Most Helpful Customer Reviews
27 of 28 people found the following review helpful
4.0 out of 5 stars A big book with bigger ideas - a compelling read 4 July 2012
By Kate TOP 500 REVIEWER
Format:Paperback
David Brin's Existence proved irresistible. It examines some of the biggest, most compelling themes. Is humanity alone in the universe, a mere freak of creation? If, on the other hand, there is intelligent life out there, why has it chosen to remain silent?

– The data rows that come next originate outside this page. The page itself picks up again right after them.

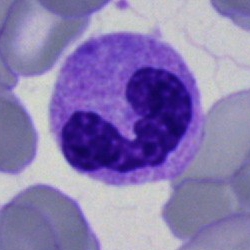Morphology consistent with a neutrophil (segmented).
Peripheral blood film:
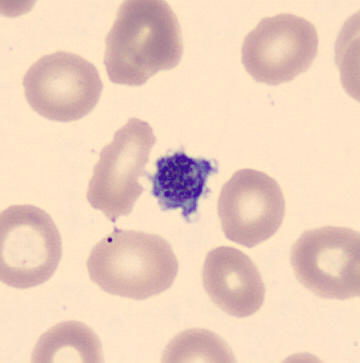 A platelet (thrombocyte).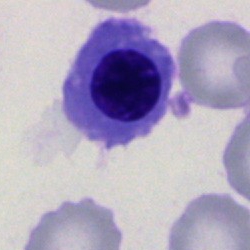 The cell type is nucleated red cell.
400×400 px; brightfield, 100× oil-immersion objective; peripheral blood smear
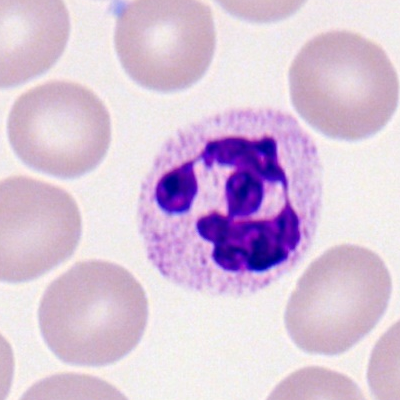Q: Identify the cell.
A: It is a neutrophil (segmented).
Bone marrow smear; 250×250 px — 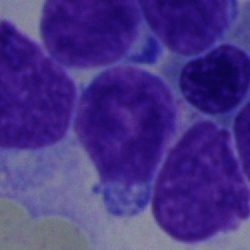

This is a blast cell.
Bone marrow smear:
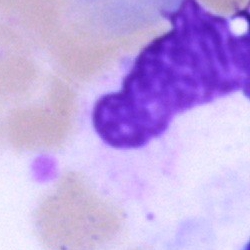Cell type — artifact.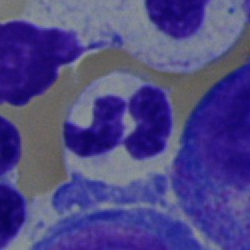

Morphological class — polymorphonuclear neutrophil.
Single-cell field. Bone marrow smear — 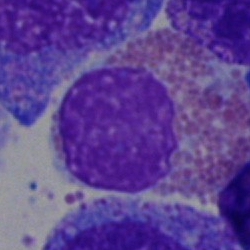

This is an eosinophil.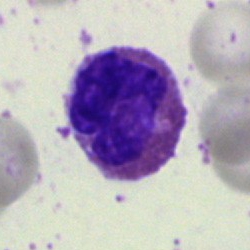 Specimen: bone marrow aspirate smear.
Morphological class: eosinophil.
Lineage: myeloid.

Brin's focus is on several characters in the near future, a time when space exploration has stalled but leaps in technology are fast and ambitious. Gerald is one of the few humans in space, gathering debris from the orbit of earth and flicking it into the planet's atmosphere for annihilation - he finds an Artefact, a non-human entity that communicates through him; Peng Xiang Bin lives on the margins of survival in Shanghai, a watery existence in the flooded ruins of devastated seaside mansions - he finds another artefact, which appears to be aware of the other found by Gerald. It doesn't like it; Hacker is a rich man who seeks thrills. He finds them in space, in self-funded rockets that peek into space before falling back to earth; Hamish is a famous film maker and writer, a celebrity, who works for a confederation that seeks to turn from the stars and heal the earth through the abolishment of democracy and the emergence of a more basic society run by a rich elite; Tor is a journalist who speaks for the flashmob. Seeking to report the truth about the Artefact, Tor finds herself in the unique position of seeing humanity from the other side.

This cast, as well as many others who come and go through the pages, slowly begin to circle around the space artefact, its opposing earth artefact, and show us the world that earth has become.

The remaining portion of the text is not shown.